• _Exercise_: Copy each line below word for word and drop every image.

------

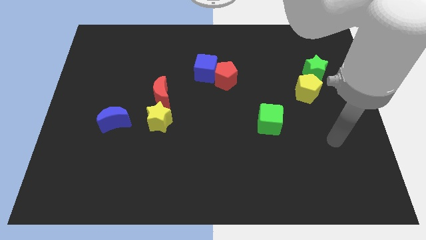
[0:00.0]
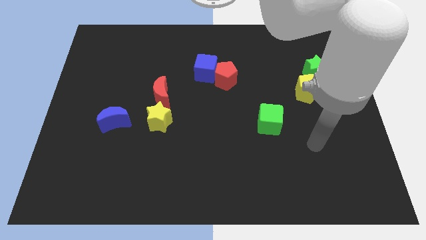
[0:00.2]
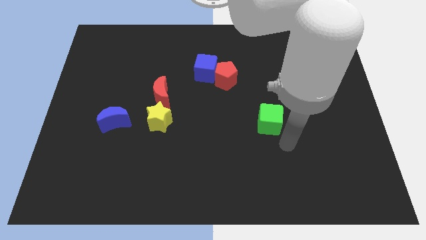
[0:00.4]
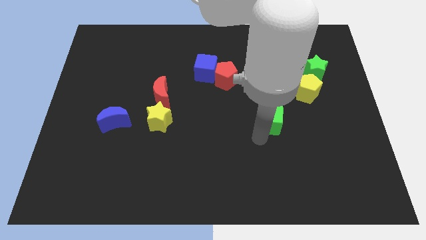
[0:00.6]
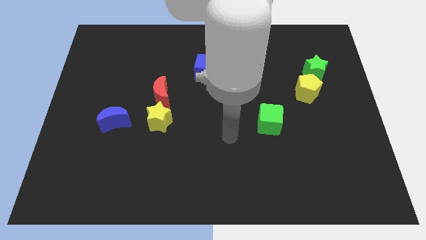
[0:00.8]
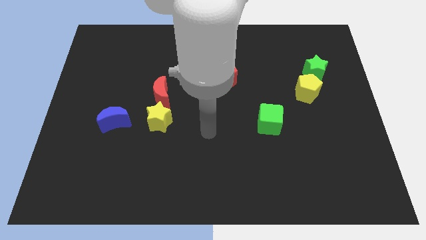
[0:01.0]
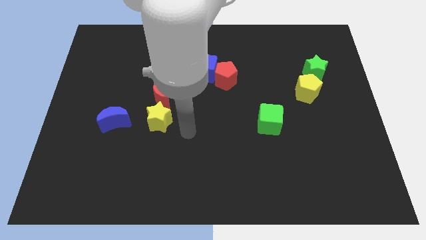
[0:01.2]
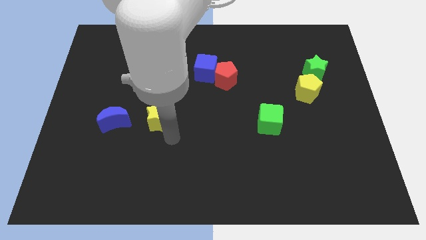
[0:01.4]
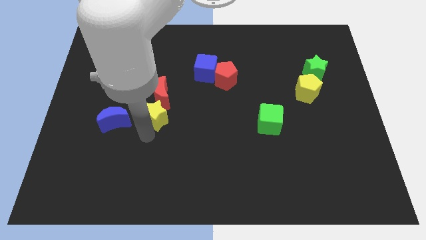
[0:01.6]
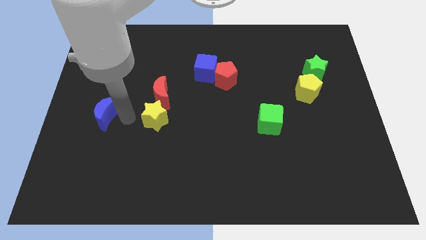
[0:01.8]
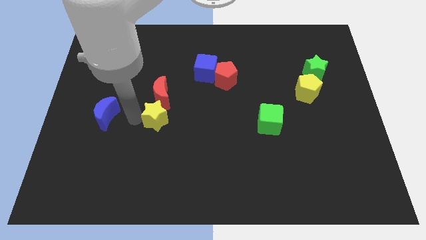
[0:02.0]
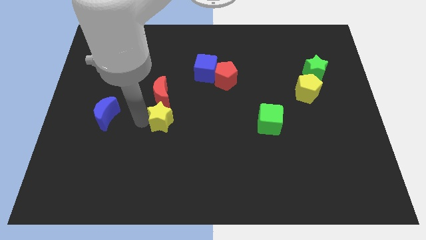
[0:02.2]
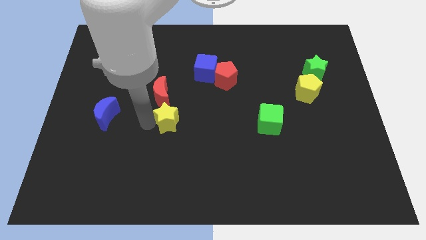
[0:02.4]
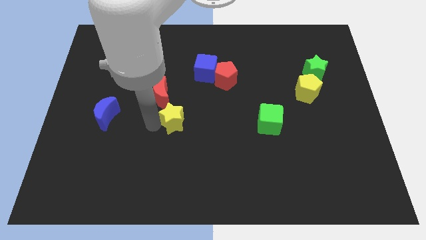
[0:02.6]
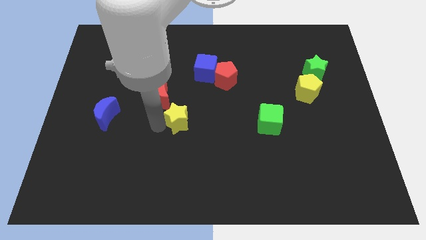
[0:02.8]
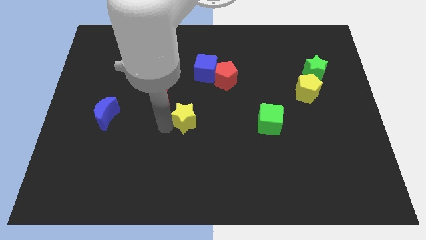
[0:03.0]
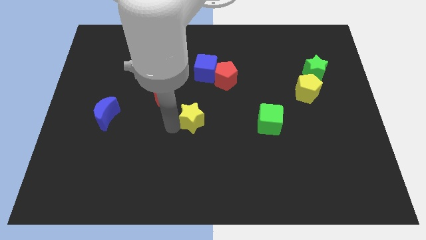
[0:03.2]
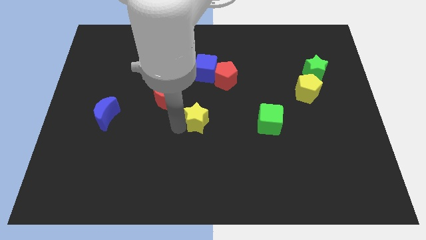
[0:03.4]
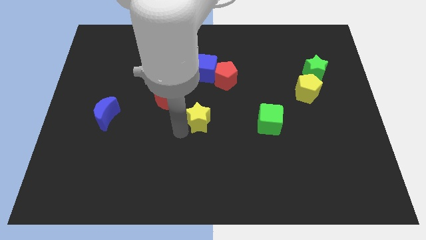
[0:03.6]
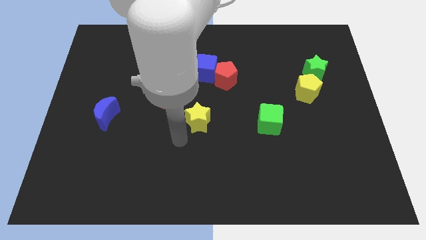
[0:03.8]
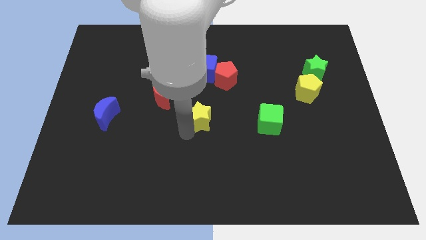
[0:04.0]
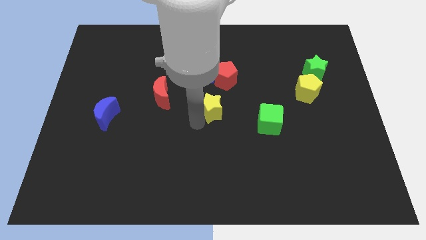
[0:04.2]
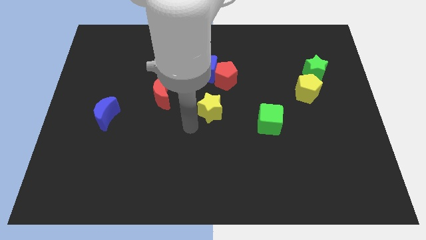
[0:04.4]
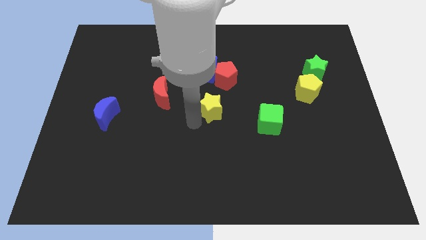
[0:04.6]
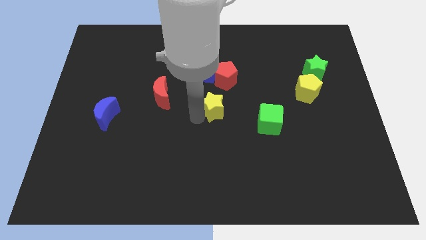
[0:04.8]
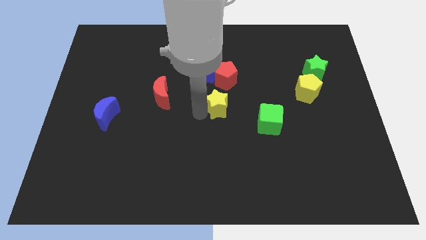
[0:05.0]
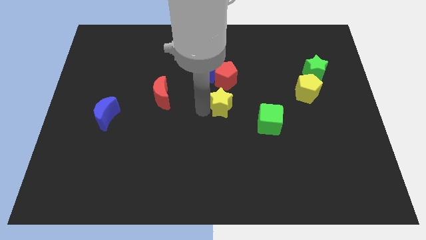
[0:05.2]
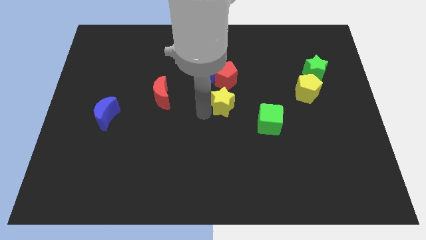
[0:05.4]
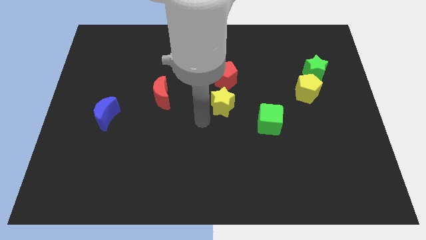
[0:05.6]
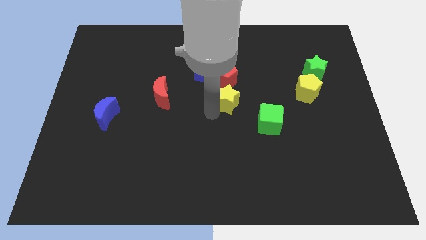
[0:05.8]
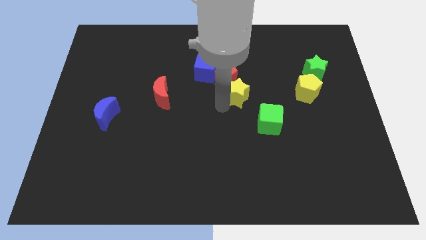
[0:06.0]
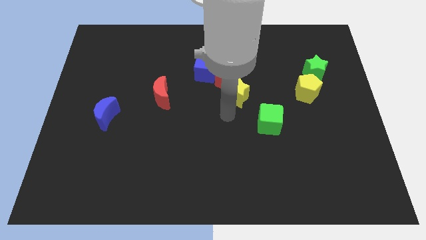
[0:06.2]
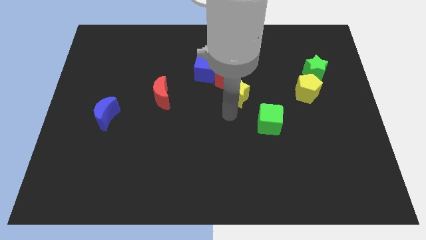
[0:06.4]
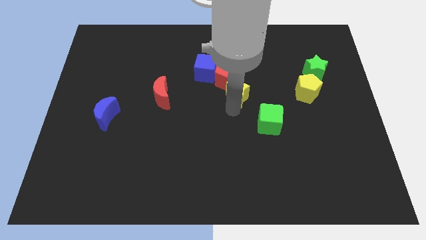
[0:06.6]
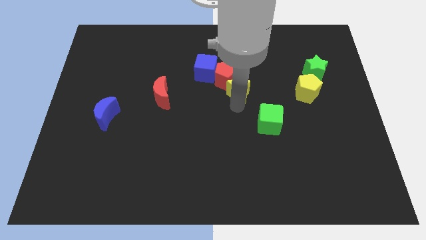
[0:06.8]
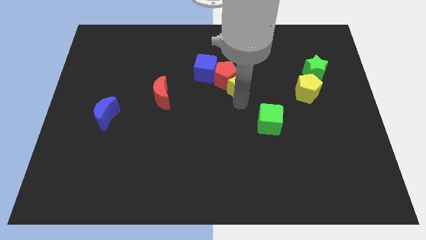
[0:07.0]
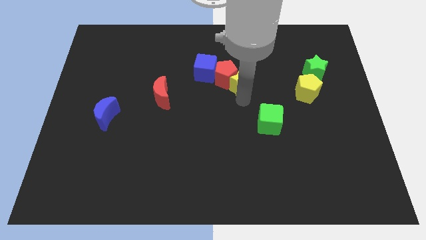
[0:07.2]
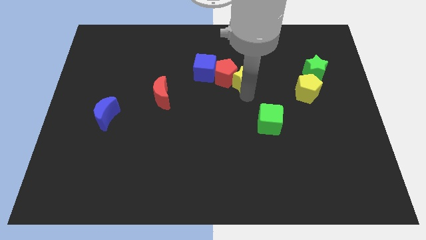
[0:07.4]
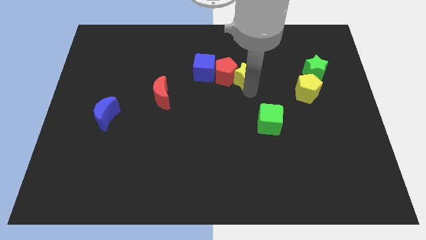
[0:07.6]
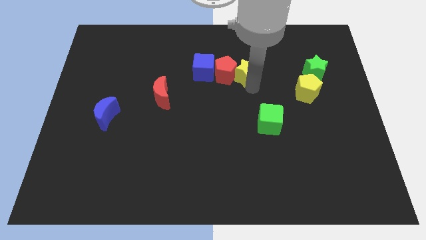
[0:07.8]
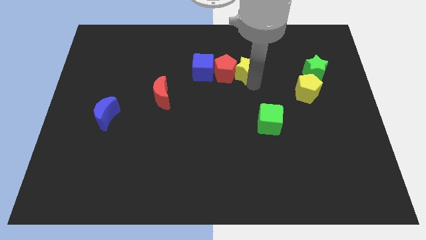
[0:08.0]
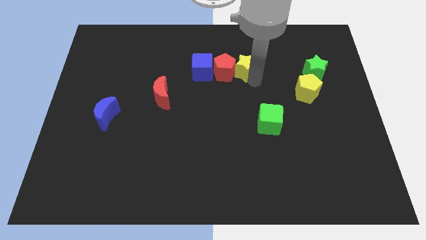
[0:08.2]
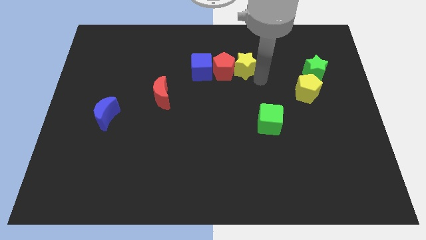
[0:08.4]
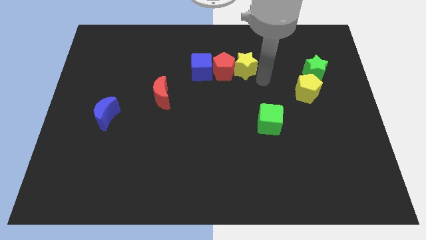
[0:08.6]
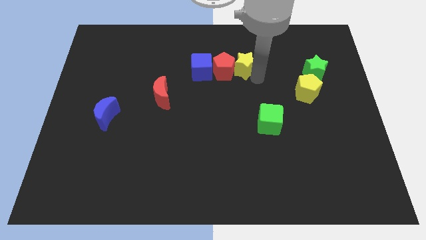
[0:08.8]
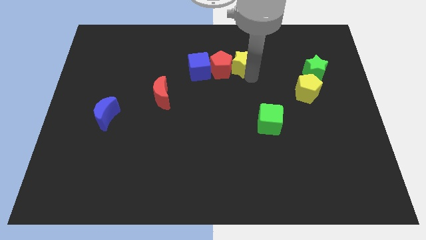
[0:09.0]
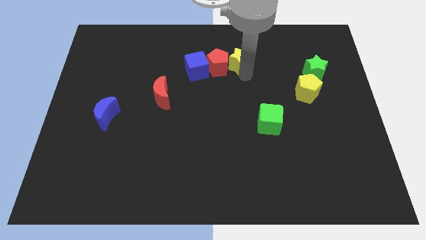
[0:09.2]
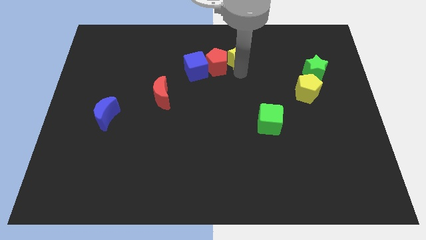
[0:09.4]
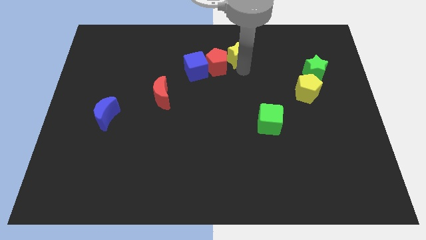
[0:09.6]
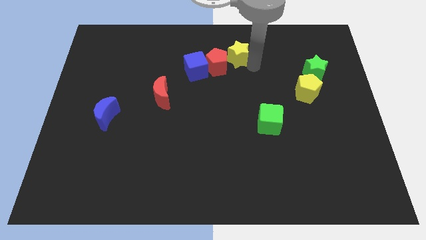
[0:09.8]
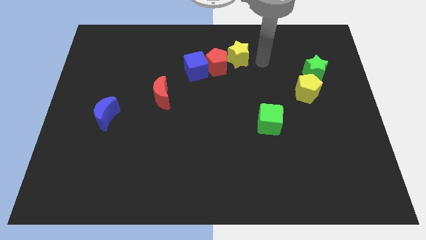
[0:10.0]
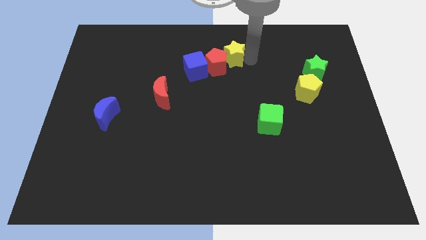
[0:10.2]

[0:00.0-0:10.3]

------

• _Exercise result_:
[0:00.0]
[0:00.2]
[0:00.4]
[0:00.6]
[0:00.8]
[0:01.0]
[0:01.2]
[0:01.4]
[0:01.6]
[0:01.8]
[0:02.0]
[0:02.2]
[0:02.4]
[0:02.6]
[0:02.8]
[0:03.0]
[0:03.2]
[0:03.4]
[0:03.6]
[0:03.8]
[0:04.0]
[0:04.2]
[0:04.4]
[0:04.6]
[0:04.8]
[0:05.0]
[0:05.2]
[0:05.4]
[0:05.6]
[0:05.8]
[0:06.0]
[0:06.2]
[0:06.4]
[0:06.6]
[0:06.8]
[0:07.0]
[0:07.2]
[0:07.4]
[0:07.6]
[0:07.8]
[0:08.0]
[0:08.2]
[0:08.4]
[0:08.6]
[0:08.8]
[0:09.0]
[0:09.2]
[0:09.4]
[0:09.6]
[0:09.8]
[0:10.0]
[0:10.2]

[0:00.0-0:10.3]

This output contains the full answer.